In this chapter, we will deal with harassment cases and present some instructions on how to process the situations. We will first go through instructions for those who have experienced harassment and for those accused of harassment. After this, we will explain how organisations can process harassment situations.

3. Processing harassment cases in organisations

3.5. Discussion between the parties

A discussion between the parties may, in a best-case scenario, help with the resolution the situation and increase the parties’ understanding of each other’s perspectives. However, discussions are not suitable for all harassment situations. For instance, long-term bullying requires strong expertise to deal with the situation, while organisations cannot get into investigating suspected criminal activity.

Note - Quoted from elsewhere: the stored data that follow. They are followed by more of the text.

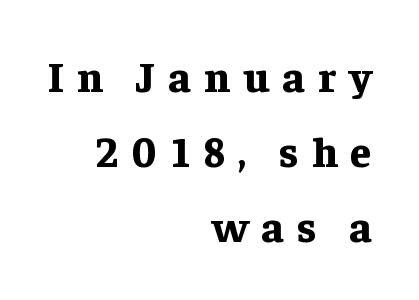
The passage shown is not underscored anywhere. Each letter keeps its own natural width here, so spacing adapts to shape. Line endings align vertically; line beginnings do not. The axis of the letterforms is exactly vertical.
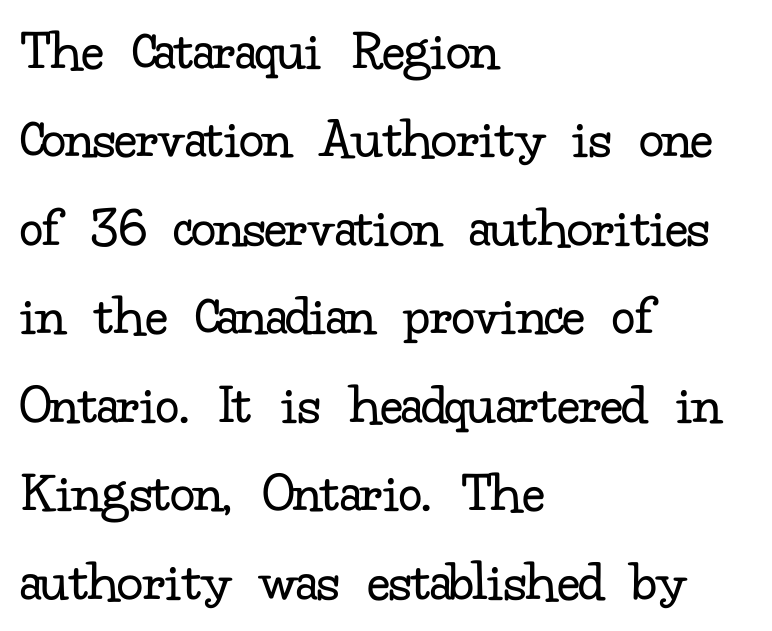
Q: Is the text bold? A: No.
Q: Is the text italic (slanted)? A: No, it is upright.
Q: Is the typeface a serif or a sans-serif typeface? A: Serif.
Q: Is the text underlined? A: No.
Q: How is the paragraph aligned? A: Left-aligned.
Q: Is the spacing between letters normal or unusually wide? A: Normal.
Q: Is the spacing between lines tight, normal or loose? A: Normal.
Q: Width (condensed, normal, or wide)? A: Normal.
Q: Stroke contrast? A: Low.
Q: x-height? A: Small.
Q: Monospaced? A: No.
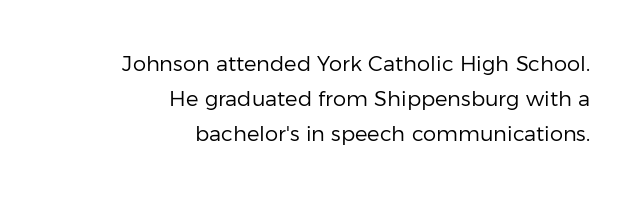
The image shows 21 px text type, upright; set right-aligned, normal line spacing (1.67x), normal letter spacing, not underlined.
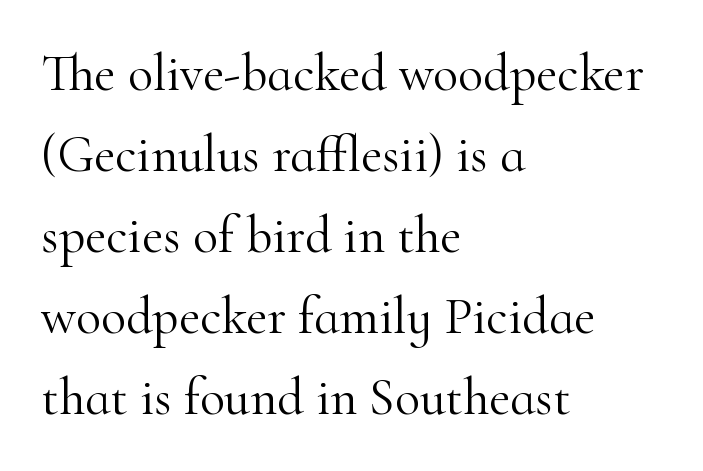
The image shows 52 px light serif type, upright; set left-aligned, normal line spacing (1.56x), normal letter spacing, not underlined; high stroke contrast and a small x-height.
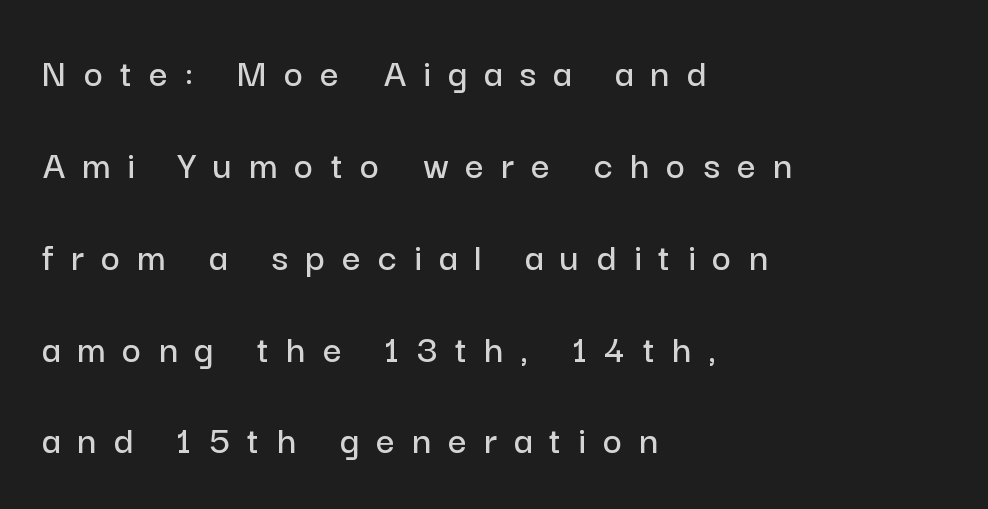
Is there any slant? The stems are plumb. In terms of letterspacing, this is a distinctly airy, spread setting. I'd call this a sans setting — the letters go barefoot. Glance below the letters and you will spot only blank space. Note the varied advance widths — an 'i' is clearly narrower than an 'm'.
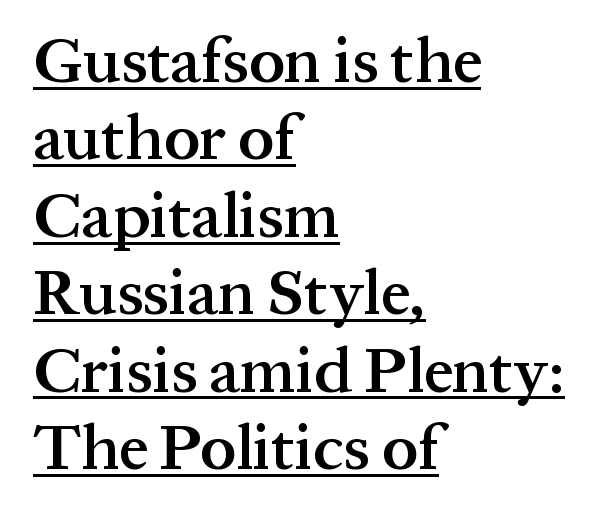
{"serif": "yes", "italic": "no", "bold": "semi", "weight": "semibold", "width": "normal", "stroke_contrast": "medium", "x_height": "medium", "monospaced": "no", "underline": "yes", "align": "left", "line_spacing_ratio": 1.21, "letter_spacing": "normal", "letter_spacing_em": 0.0, "glyph_px": 64}
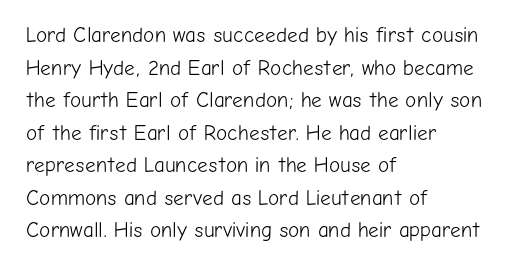
The image shows 21 px text type, upright; set left-aligned, normal line spacing (1.55x), normal letter spacing, not underlined.
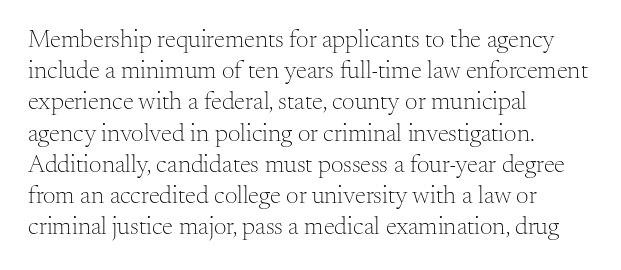
Q: Is the text bold? A: No.
Q: Is the text italic (slanted)? A: No, it is upright.
Q: Is the text underlined? A: No.
Q: How is the paragraph aligned? A: Left-aligned.
Q: Is the spacing between letters normal or unusually wide? A: Normal.
Q: Is the spacing between lines tight, normal or loose? A: Normal.

You can use this outline as support:

  1. Prepare for the discussion:
    • Ensure that the meeting is held in a quiet place and that you have reserved enough time for processing the matter.
    • Ensure that both parties know about the common rules of the discussion in advance and are ready to commit to them.
      • The discussion is confidential. It is not discussed with external parties.
      • The goal is to help the parties understand each other better and to support them with finding solutions. The discussion is not meant for continuing the conflict.
      • The mediator does not provide ready-made solutions or hand out sanctions to either party. Their role in the discussion is that of an impartial facilitator.
      • Participation is voluntary, and the discussion may be cut short if the parties so wish.
      • The mediator hands out turns to speak. The other party should not be interrupted. All discussion must be civil.
      • If needed, both parties may bring one support person with them. However, it is important to clearly define the support person’s role. They may be present but may not participate in the discussion or comment on it.
  2. When the event begins, remind everyone once more of its purpose and the common rules for it.
  3. Discuss the following themes:
    • What happened?
    • How did it feel? What did you think of what happened?
    • Who have been affected by what happened and how?
    • What would be a good solution to the situation?
  4. Try to steer the discussion forward if it seems to stall. Ask questions that cannot be answered by a simple yes or no.
  5. Make sure that both parties get to speak as much as the other.
  6. At the end, you can agree on a common solution that includes concrete promises on changing the situation.
  7. Also agree on a way to monitor the situation with the parties by, for instance, promising to ask both parties how everything has gone and whether they have stuck with the solution within a couple of months.